A further complexity of transcription is that nascent transcripts, as well as being subject to RNA processing, also have the capacity to anneal back to the DNA template strand. The formation of these RNA:DNA hybrids (hereafter called hybrids) with concomitant displacement of the coding strand as single-stranded DNA (ssDNA), called R-loop structures, is facilitated by the transcription process (Skourti-Stathaki and Proudfoot, 2014). Thus, elongating polymerase complexes transiently displace nucleosomes as well as under-winding (negative supercoiling) the DNA template, both of which favor R-loop formation. Although all transcription has the tendency to form R-loop structures, a range of activities act to restrict their formation. Either pre-mRNA packaging (Huertas and Aguilera, 2003) or rapid RNA processing such as splicing (Bonnet et al., 2017, Li and Manley, 2005) restricts R-loop formation by sequestering the newly formed transcript away from the DNA template. Even when formed, R-loops may be removed either by RNase H1 activity that selectively degrades RNA hybridized to DNA (Cerritelli and Crouch, 2009) or alternatively by various helicases such as Senataxin (SETX; Skourti-Stathaki et al., 2011), Aquarius (Sollier et al., 2014), DDX23 (Sridhara et al., 2017), and DHX9 (Cristini et al., 2018), which have all been shown to restrict R-loop accumulation. The likely reason for this anti-R-loop response is that if allowed to accumulate, R-loops can act as a major source of DNA damage either through the fragility of the exposed ssDNA or by acting as an impediment to DNA replication in the S phase of the cell cycle (Santos-Pereira and Aguilera, 2015). R-loops have also been closely associated with specific aspects of DNA rearrangement and repair and in these cases may be the feature of a particular functional lncRNA. This is true for both immunoglobulin heavy-chain class switching (Chaudhuri et al., 2003, Ribeiro de Almeida et al., 2018, Zheng et al., 2015) and chromosomal telomeric ends (Balk et al., 2013, Yu et al., 2014). Similarly, the repair of double-stranded DNA (dsDNA) breaks by homologous recombination is associated with localized formation of R-loops that may act to facilitate the recruitment of DNA repair factors (D’Alessandro et al., 2018, Ohle et al., 2016).

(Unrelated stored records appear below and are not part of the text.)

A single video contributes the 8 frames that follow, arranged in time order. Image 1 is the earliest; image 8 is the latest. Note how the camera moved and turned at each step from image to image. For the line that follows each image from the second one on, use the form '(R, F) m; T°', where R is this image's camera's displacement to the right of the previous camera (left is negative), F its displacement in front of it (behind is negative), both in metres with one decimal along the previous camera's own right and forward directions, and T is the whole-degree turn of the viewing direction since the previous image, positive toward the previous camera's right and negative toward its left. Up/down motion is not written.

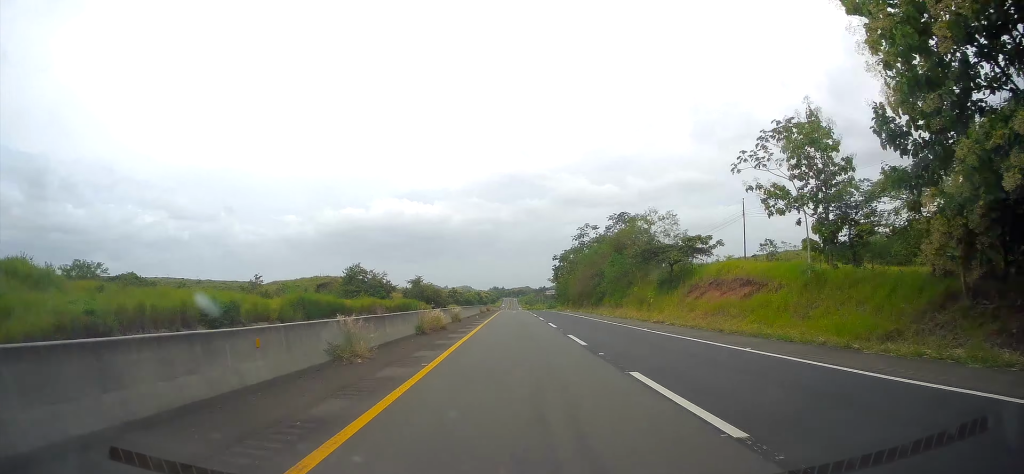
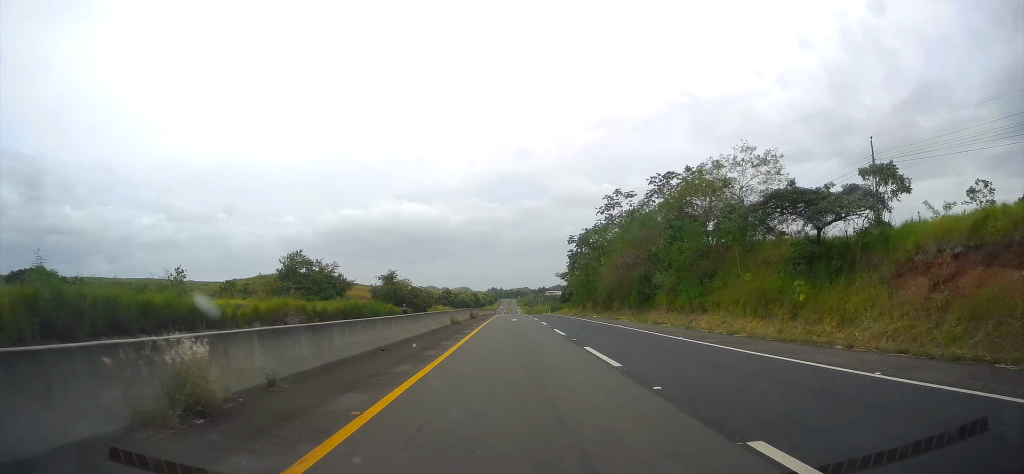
(-0.9, +28.6) m; -1°
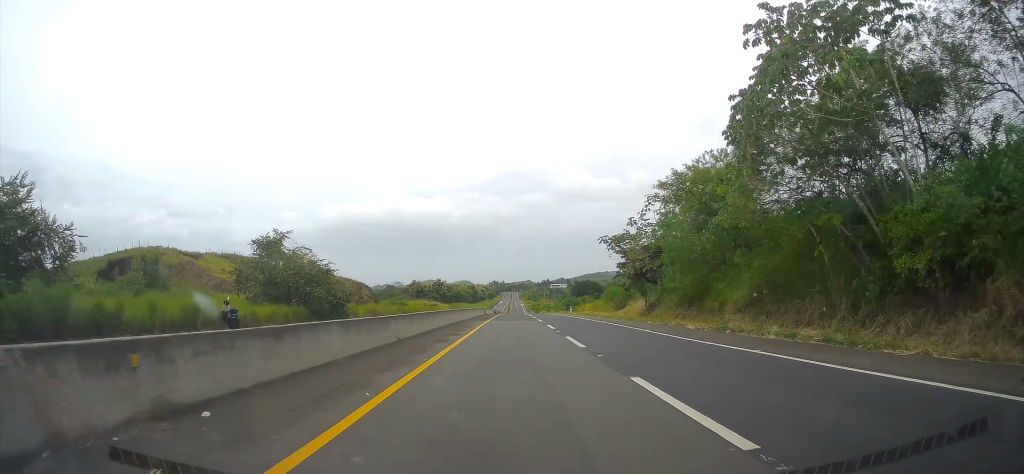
(-0.3, +54.6) m; 0°
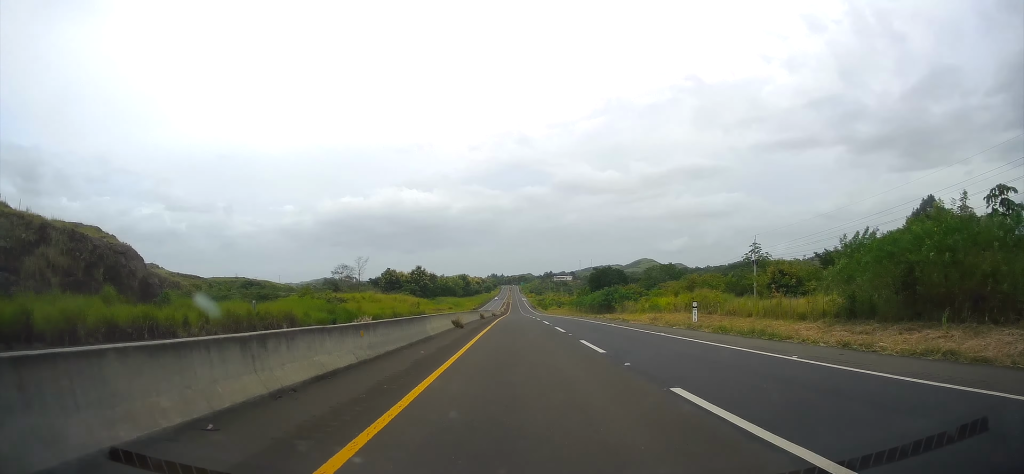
(+0.1, +73.2) m; 0°
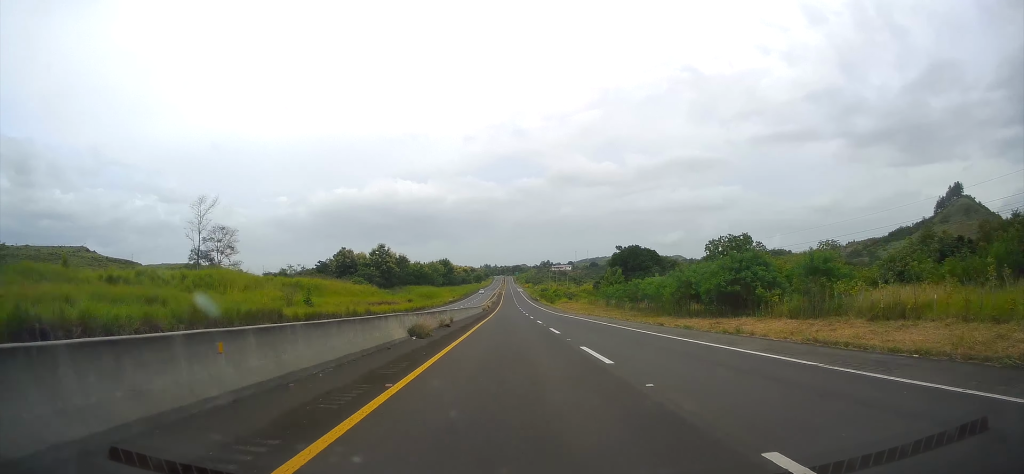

It is well appreciated that RNA polymerase II (Pol II) initiates transcription more efficiently on accessible, nucleosome-depleted DNA templates, as found over gene promoters and terminators (Adelman and Lis, 2012, Grosso et al., 2012, Rhee and Pugh, 2012, Workman and Roeder, 1987). Similarly, the ssDNA component of R-loops has the potential to directly promote Pol II AS transcription, without the need for local double dsDNA unwinding by general transcription factors (GTFs). Thus early in vitro transcription experiments showed that supercoiled plasmids that possess underwound DNA duplex can initiate transcription with only Pol II and the minimal transcription factors TPB and TFIIB (Parvin and Sharp, 1993). It was also shown that DNA templates with specific heteroduplexed or mis-matched promoter regions can initiate transcription using these same minimal transcription factors (Pan and Greenblatt, 1994). Both experiments suggest that a ssDNA template has the capacity to act as a Pol II promoter. We therefore predict that the ssDNA of the R-loop structure may similarly promote the selective expression of AS transcripts (opposite polarity to RNA in the hybrid). In this present study we demonstrate that artificially constructed R-loops can indeed act as de novo promoters in in vitro transcription experiments. We then extended these observations to in vivo transcription patterns in the human HeLa cell line. We demonstrate that the removal of R-loops selectively reduces AS transcription associated with many protein-coding genes and their transcriptional enhancers. Consequently, we show that R-loop formation facilitates the synthesis of a substantial fraction of lncRNA.
Results
R-Loops Act as Promoters for In Vitro Transcription by Pol II
To test the possibility that R-loops possess intrinsic promoter activity, we generated an R-loop containing plasmid construct. The human β-actin gene terminator, which is prone to form R-loop structures (Skourti-Stathaki et al., 2014), was placed within S. cerevisiae URA3 genic sequence, and this was then inserted into a circular plasmid. Both sense (S) and AS transcripts of the β-actin gene terminator were in vitro synthesized using bacteriophage RNA polymerase and annealed to the plasmid under conditions favoring R-loop formation. In an initial experiment, β-actin terminator RNA was α32P-UTP labeled so that both DNA and radioactive RNA could be separately visualized by native agarose gel fractionation. R-loop containing plasmid migrated slower than supercoiled plasmid, as demonstrated by specific sensitivity to treatment with hybrid specific RNase H but not RNase A or T1 (Figure 1A). We elected to directly map the extent of the ssDNA formed by these plasmid-based R-loops. To this end, the R-loop plasmid preparation was treated with bisulfite, which demethylates dC to dT when in a ssDNA conformation. Individual plasmids were then isolated by bacterial transformation and cloning followed by the direct sequencing of ten selected plasmids. Notably C-T (or complementary G-A) mutations were detected directly over the R-loop region and extended by about 50 bp into the adjacent URA3 sequence. From this analysis, it is evident that the ssDNA region of the R-loop plasmid expands beyond the hybrid region of 150 bp to a larger region of about 250 nt (Figure 1B).
Figure 1.
R-Loops Display In Vitro Promoter Activity
(A) R-loop plasmid construction: 32P labeled (star) RNA (red line) was annealed to plasmid containing the G-rich β-actin gene 3′ end termination region (blue lines) flanked by S. cerevisiae URA3 reporter gene (green lines). An ethidium bromide stained gel (left panel) and autoradiograph (right panel) show R-loops as slower migrating species, sensitive to RNase H but not A or T1 treatments. D, plasmid DNA; R, RNA.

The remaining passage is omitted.